I know I am supposed to like saunas. At-home saunas have replaced walk-in larders as the new status symbol and my local email group pings with excitement about a new nearby sauna-and- plunge place. But I do not like saunas.
My first and last visit to one was in Iceland, at the Blue Lagoon geothermal spa. I couldn’t believe there were people who’d willingly crowd, with strangers, into a small wooden shack, heated to unbearable levels. I felt like a mussel in a pot of cream and wine, or a letter being held over a kettle, or like I was in one of those dreams where the room is on fire and you scream ‘Fire!’ but no one can hear. I burst out through the door, coughing. No, thank you!
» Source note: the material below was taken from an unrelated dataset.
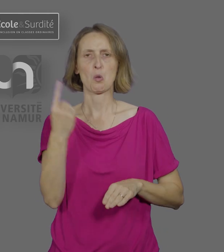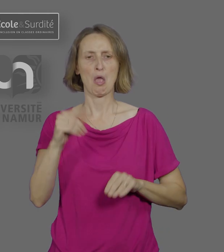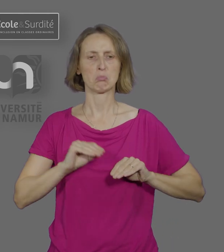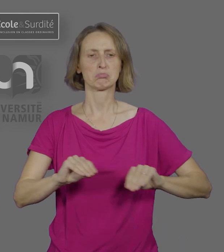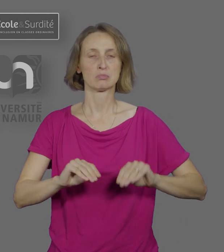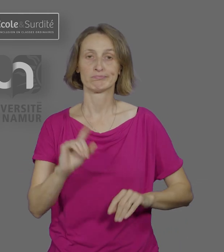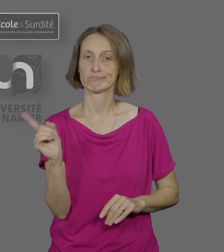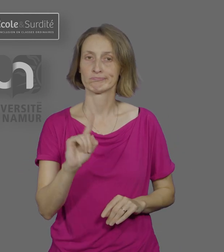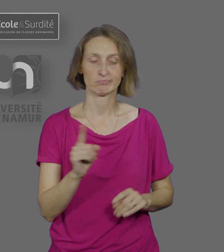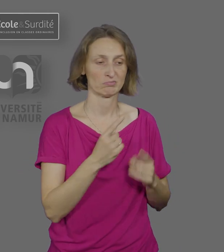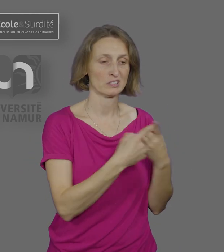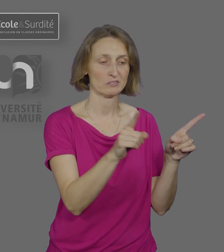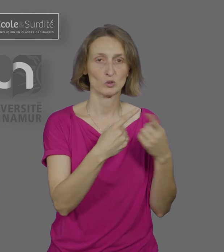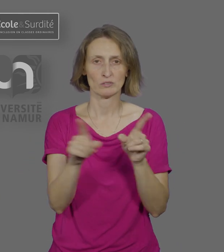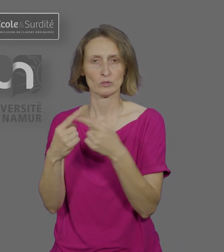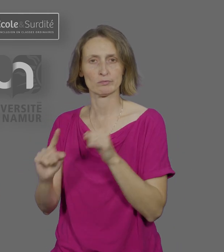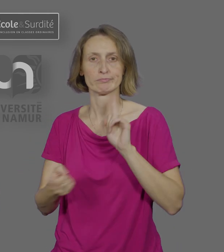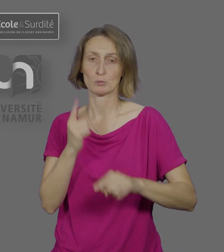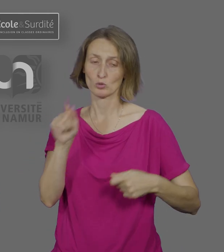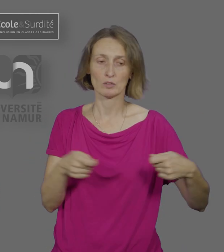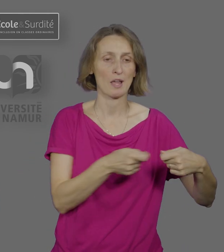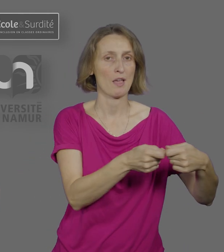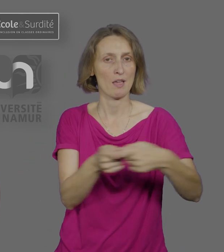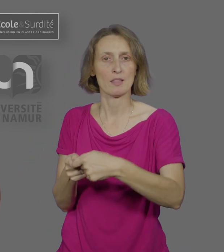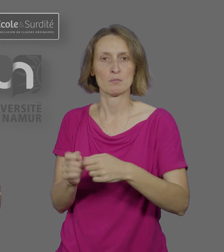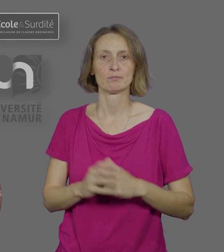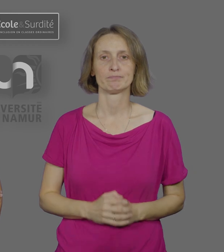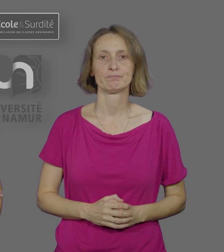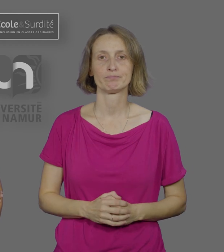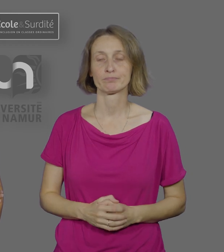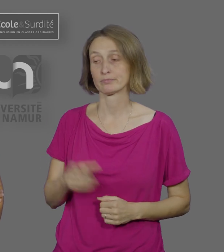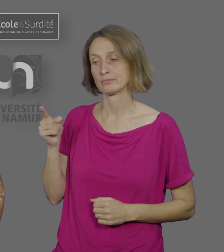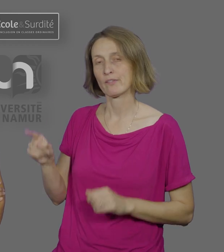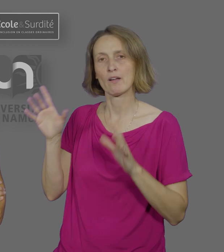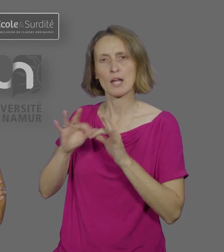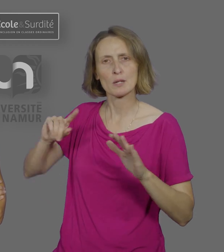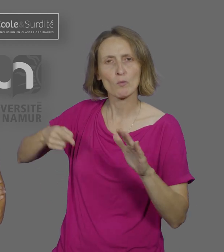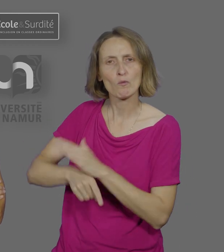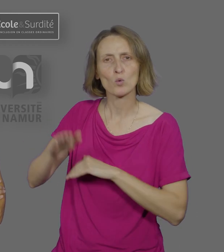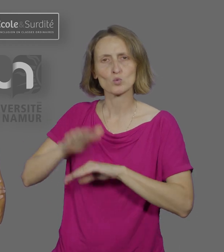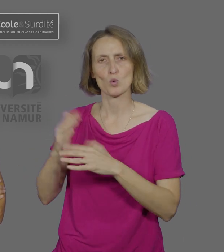que cela implique en fonction des différents profils d'élèves malentendants et sourds. C'est

I dismissed saunas immediately as one of those baffling things some cultures have simply learnt to enjoy – like the British, with our insistence on laying out lunch on a table in the direct sun, then sitting for hours with melting food, getting sunstroke – a behaviour that is wholly incomprehensible to those from actual hot countries.
What's everyone reading?
So I read about the UK trend for saunas at work – actual work! – with disbelief. Shoreditch-based fintech company Wise has one, and Arc in Canary Wharf is popular among local employers, who book group brainstorming sessions in its 65-person sauna lounge. OK. I can understand ‘break-out’ areas, ping-pong tables and even team-building weekends. I can also understand that Big Work needs to find new and fun ways to lure young people away from their kitchen tables and into the office.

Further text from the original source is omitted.